Я машу рукой и, улыбаясь, иду к пирамиде за своим карабином…
Наконец наступает долгожданный четверг — последний день уходящего в вечность сорок второго года. Я подсыпаюсь к Сашке, прошу его внести меня в список на увольнение. Честно рассказываю про свидание, которое мне назначила Таня. Он как-то странно мнется, но потом говорит довольно сухо:
— Не стоило бы тебя пускать после всего… Но повод, однако, уважительный. Только не для командира роты. Он в лирике как баран, для него это — тьфу. Придумай что-нибудь посолиднее.

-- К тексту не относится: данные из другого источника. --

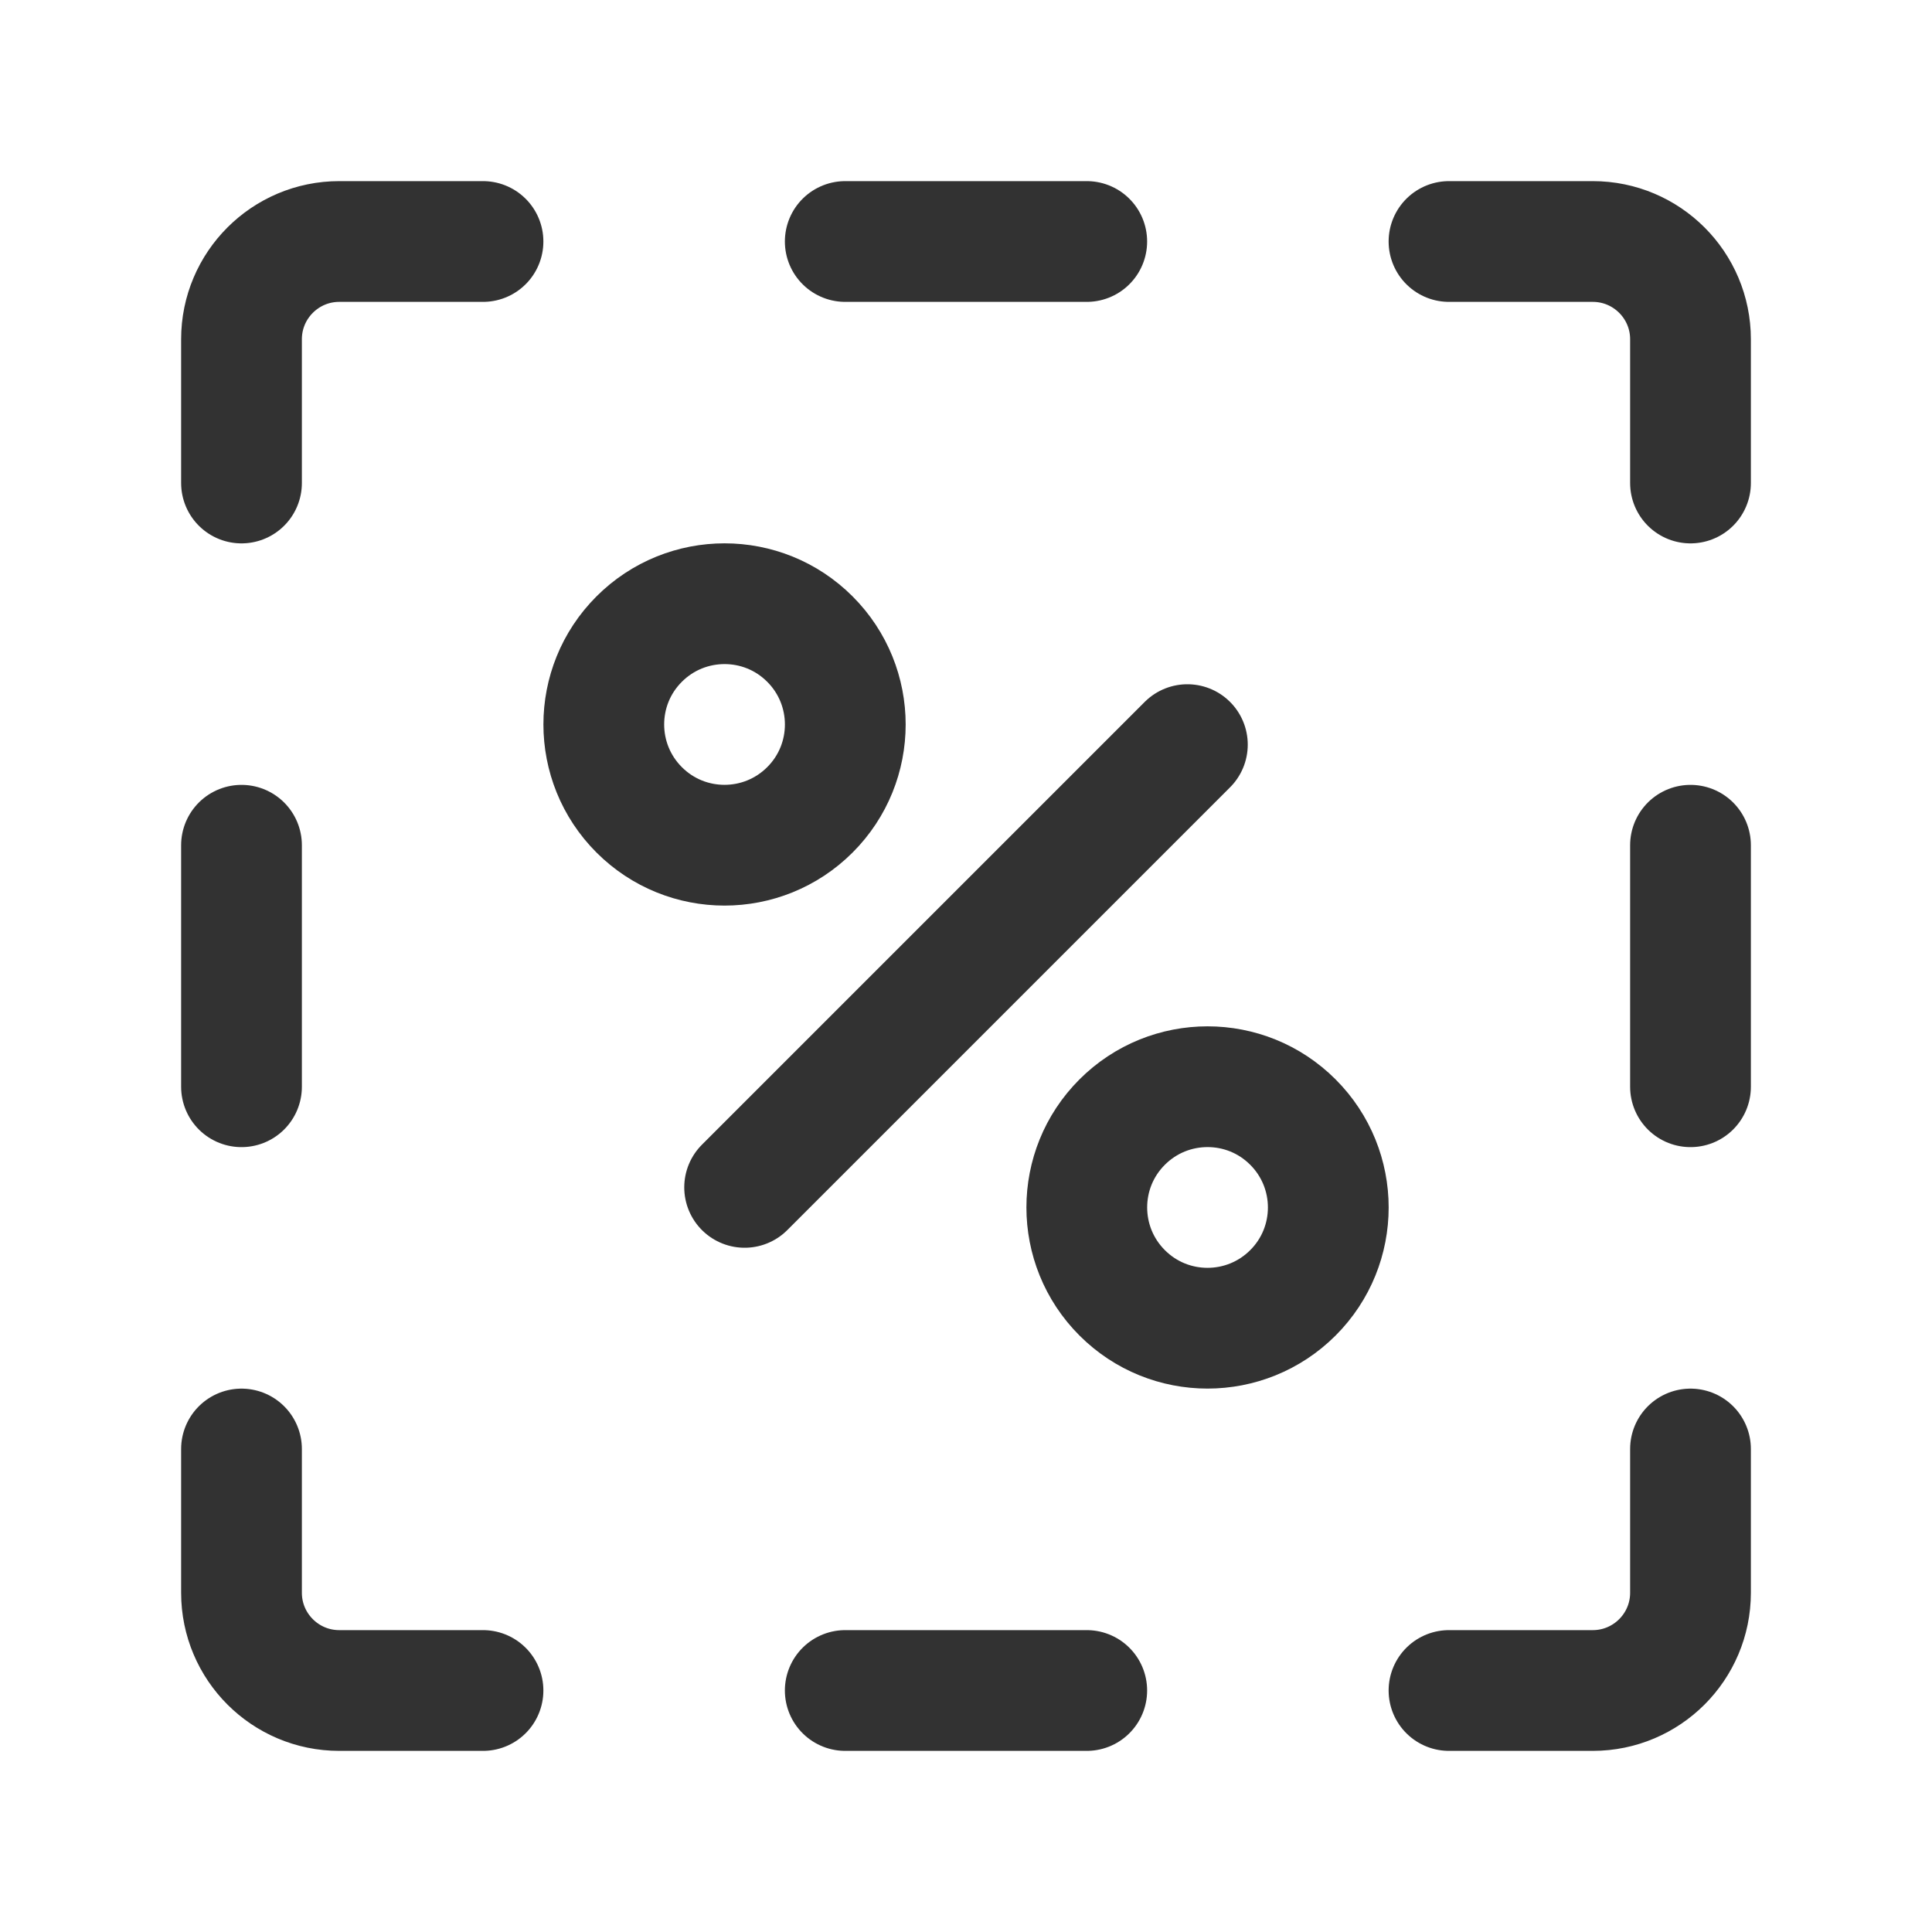 <?xml version="1.0" encoding="UTF-8"?><svg version="1.1" viewBox="0 0 24 24" xmlns="http://www.w3.org/2000/svg" xmlns:xlink="http://www.w3.org/1999/xlink"><!--Generated by IJSVG (https://github.com/iconjar/IJSVG)--><g fill="none"><path d="M0,0h24v24h-24Z"></path><path stroke="#323232" stroke-linecap="round" stroke-linejoin="round" stroke-width="1.5" d="M10.5,21h3"></path><path stroke="#323232" stroke-linecap="round" stroke-linejoin="round" stroke-width="1.5" d="M13.5,3h-3"></path><path stroke="#323232" stroke-linecap="round" stroke-linejoin="round" stroke-width="1.5" d="M3,10.5v3"></path><path stroke="#323232" stroke-linecap="round" stroke-linejoin="round" stroke-width="1.5" d="M21,13.5v-3"></path><path stroke="#323232" stroke-linecap="round" stroke-linejoin="round" stroke-width="1.5" d="M9.25,14.75l5.5,-5.5"></path><path stroke="#323232" stroke-linecap="round" stroke-linejoin="round" stroke-width="1.5" d="M10.061,7.939c0.586,0.586 0.586,1.536 0,2.121c-0.586,0.586 -1.536,0.586 -2.121,0c-0.586,-0.586 -0.586,-1.536 0,-2.121c0.586,-0.586 1.536,-0.586 2.121,0"></path><path stroke="#323232" stroke-linecap="round" stroke-linejoin="round" stroke-width="1.5" d="M16.061,13.939c0.586,0.586 0.586,1.536 0,2.121c-0.586,0.586 -1.536,0.586 -2.121,0c-0.586,-0.586 -0.586,-1.536 0,-2.121c0.586,-0.586 1.536,-0.586 2.121,0"></path><path stroke="#323232" stroke-linecap="round" stroke-linejoin="round" stroke-width="1.5" d="M21,6v-1.786c0,-0.67 -0.544,-1.214 -1.214,-1.214h-1.786"></path><path stroke="#323232" stroke-linecap="round" stroke-linejoin="round" stroke-width="1.5" d="M3,18v1.786c0,0.67 0.544,1.214 1.214,1.214h1.786"></path><path stroke="#323232" stroke-linecap="round" stroke-linejoin="round" stroke-width="1.5" d="M6,3h-1.786c-0.67,0 -1.214,0.544 -1.214,1.214v1.786"></path><path stroke="#323232" stroke-linecap="round" stroke-linejoin="round" stroke-width="1.5" d="M18,21h1.786c0.67,0 1.214,-0.544 1.214,-1.214v-1.786"></path></g></svg>

— Да, меня же приглашала сестра Кима Ладейки-на, — спохватываюсь я. — Обязательно надо зайти. От него ни одного письма, а они там душой изболелись.
— Тебе везет, — вздыхает он, — это уже кое-что. Ладно, в список я тебя включу, однако, а дальше не мое дело…
Только первого января, в Новый год, я впервые понял значение слова праздник. Это значит праздный день. День ничегонеделания. Замечательный день! Вкусный завтрак с добавками. Из столовой мы всегда выходим с одной и той же шуточкой старшин:
— Поели?
— Не доели!
— Встать! Выходи строиться!
Уже на улице наш Пронженко добавляет:
— В кого увольнительны, прывести себэ у порядок и гайда. Но щоб у двадцать два ноль-ноль як с пушки. Мынута опоздания — наряд внэ очереди.
Я плохо помню свой визит к сестре Ладейкина. Все было словно в тумане. Внимательная ко мне Лола, такая по-довоенному модная, с выпуклыми, слегка покрасневшими веками и припудренным носом. Ее пожилой лысеющий муж со скучными разговорами о политике, об английской дипломатии. Он показывал школьную карту, на которой самолично разрабатывал план нашего наступления на Ростов и Харьков.
— Этим мы сразу отрезаем немецкие дивизии на Кавказе, — объяснял он. — Вы понимаете?
— Понимаю, — вежливо отвечал я.
— А может быть, главный удар лучше нанести отсюда? — тыкал он в карту остро заточенным красным карандашом. — Как вы думаете?
— Можно и отсюда, — соглашался я. — Но лучше не отменять своих решений. Кто колеблется — тот не побеждает!
— Великолепно! Чье это высказывание?